Türkiye'de taşeronlaşmanın hızla arttığını ifade eden Kılıçdaroğlu, ''
TBMM dahil, bütün bakanlıklar, bütün kamu kuruluşları taşeron elleriyle temizleniyor. Sosyal demokrat bir parti olarak,
insan hakları yanlısı bir parti olarak iktidar olduğumuzda hiçbir kamu kuruluşunda taşeronlaşmaya izin vermeyeceğiz. Taşeron işçiler nerede çalışıyorsa o kurumun işçisi olacak' diye konuştu.
''TÜRKİYE'NİN SORUNLARINA TALİBİZ''
Türkiye'nin en karmaşık sorununun Doğu ve Güney
doğu sorunu olduğunu anlatan Kılıçdaroğlu, şöyle devam etti:
''Yani
Kürt sorunu dediğimiz olay... Bu konuya en hazırlıklı parti CHP.

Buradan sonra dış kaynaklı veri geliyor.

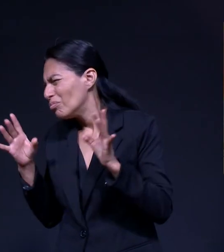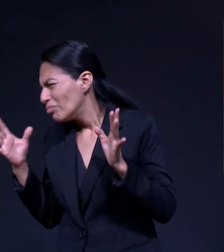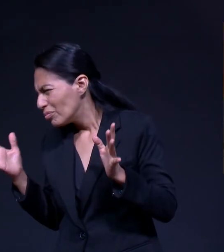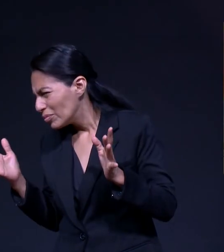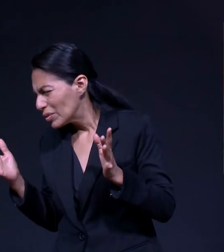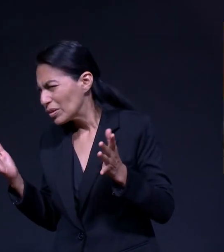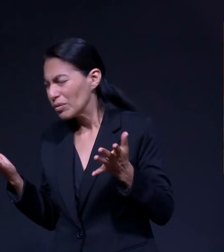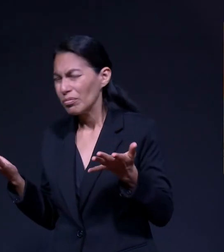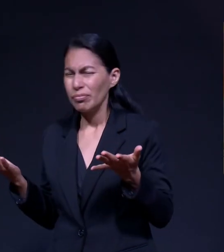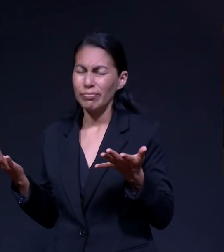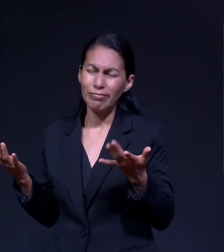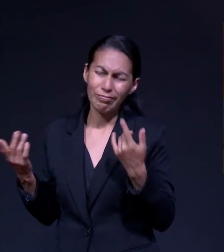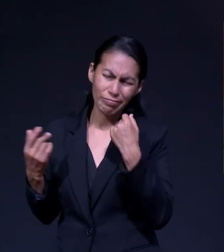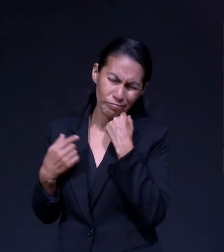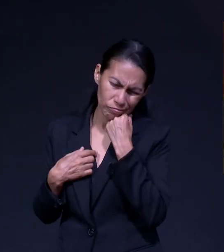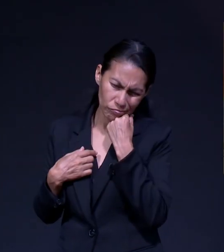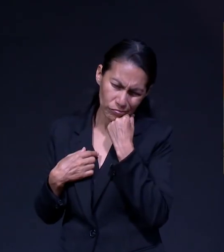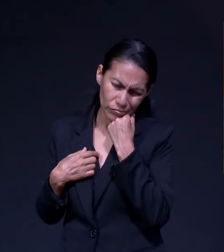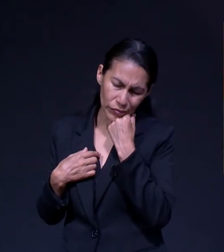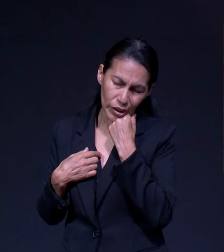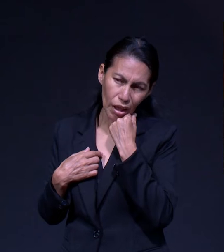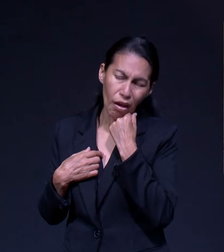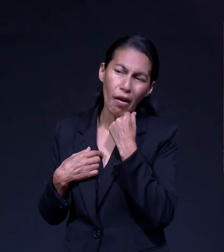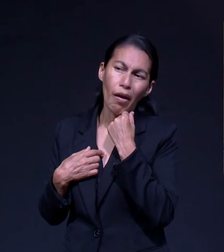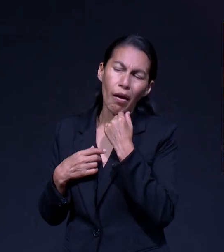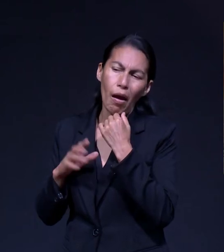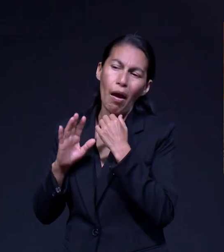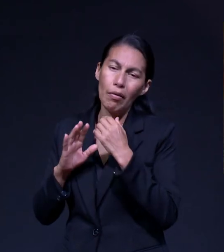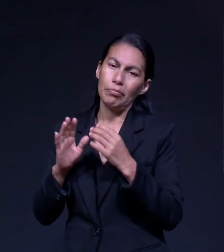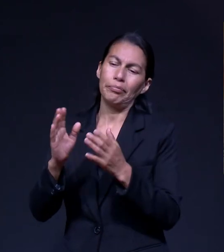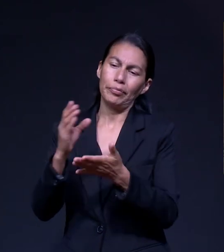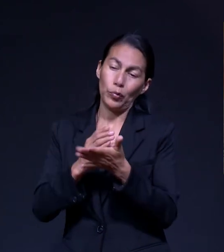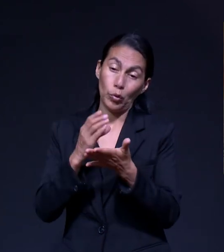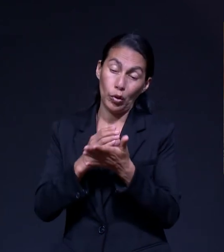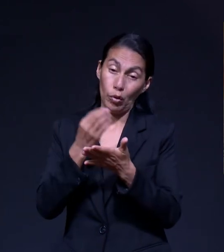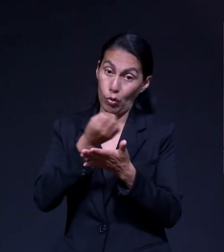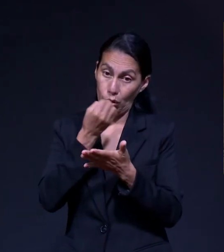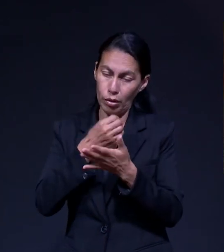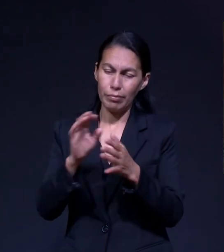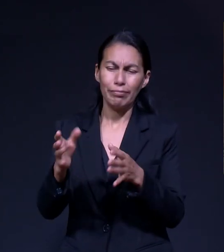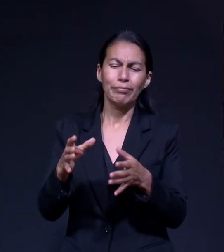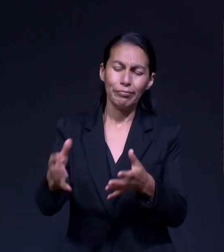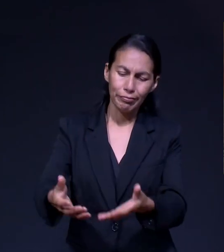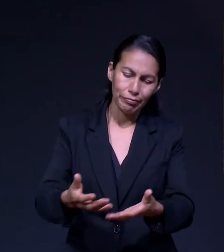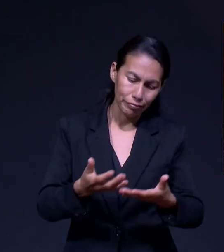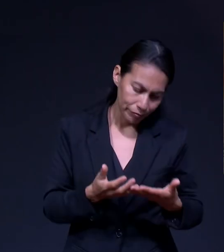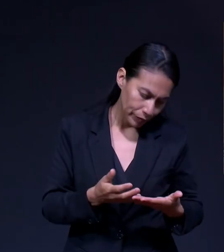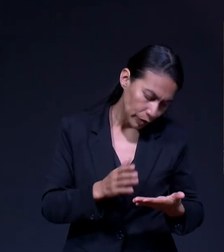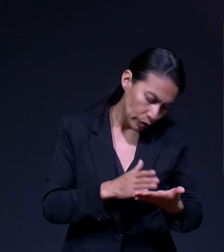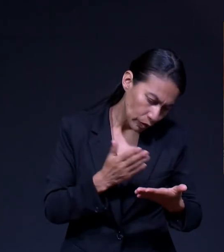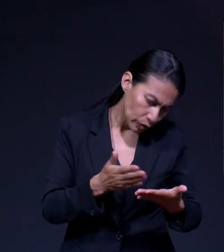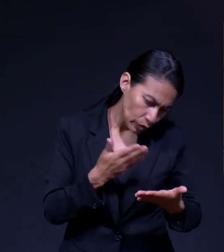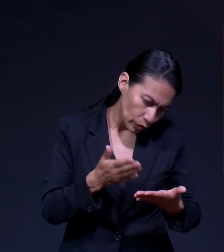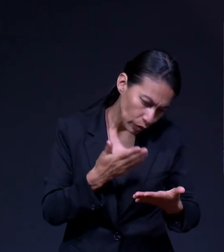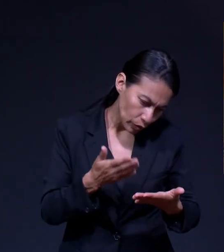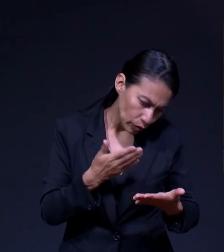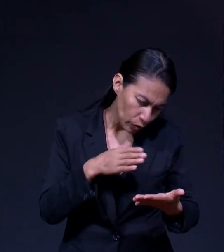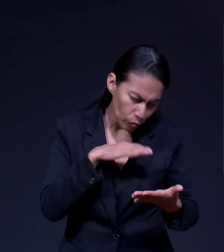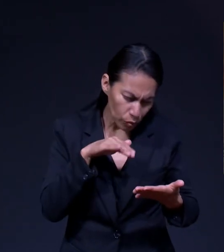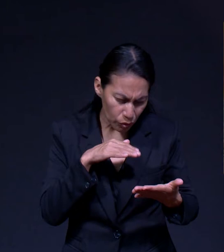Pasó Esto Entonces Fui A Mi Cuadernito De Oración Y Busqué Donde Dije Yo Creo Que Le Pedí A Dios Algo

Kürt sorunuyla ilgili başka
rapor yazan var mı, görüş bildiren var mı? 'Çözüm' diyorlar, '
açılım' diyorlar, ne olduğu belli değil. Çünkü talimat başka yerden geliyor. Kendi iç dinamikleriyle, kendi bilgisiyle, kendi birikimi, kendi
akıl ve mantığı ile çözüm üretmeyen bir topluma, dışarıdan çözüm dayatılır. İşte geldiğimiz nokta o. AKP'nin içinde bulunduğu çıkmaz o. Dışarıdan dayatılan çözüm Türkiye'de kabul görmez. Biz kendi iç dinamiklerimizle çözeceğiz. Etnik kimlik ayrışmasına asla ve asla izin vermeyeceğiz. Türkiye'nin sorunlarına talibiz. Türkiye'nin sorunlarını çözecek tek parti CHP'dir, ikinci bir parti yoktur.''
Partililerden, vatandaşların ayağına gidip, CHP'nin sorunları nasıl çözeceğini anlatmalarını isteyen Kılıçdaroğlu, CHP olarak iktidara geldiklerinde ilk yapacakları işin siyasi ahlak yasasını çıkartmak olacağını ifade etti.
CHP
İstanbul İl Başkanı
Gürsel Tekin ve Mersin Büyükşehir Belediye Başkanı Macit Özcan'ın da kısa bir konuşma yaptığı kongreye, CHP Mersin milletvekilleri ile çok sayıda partili katıldı.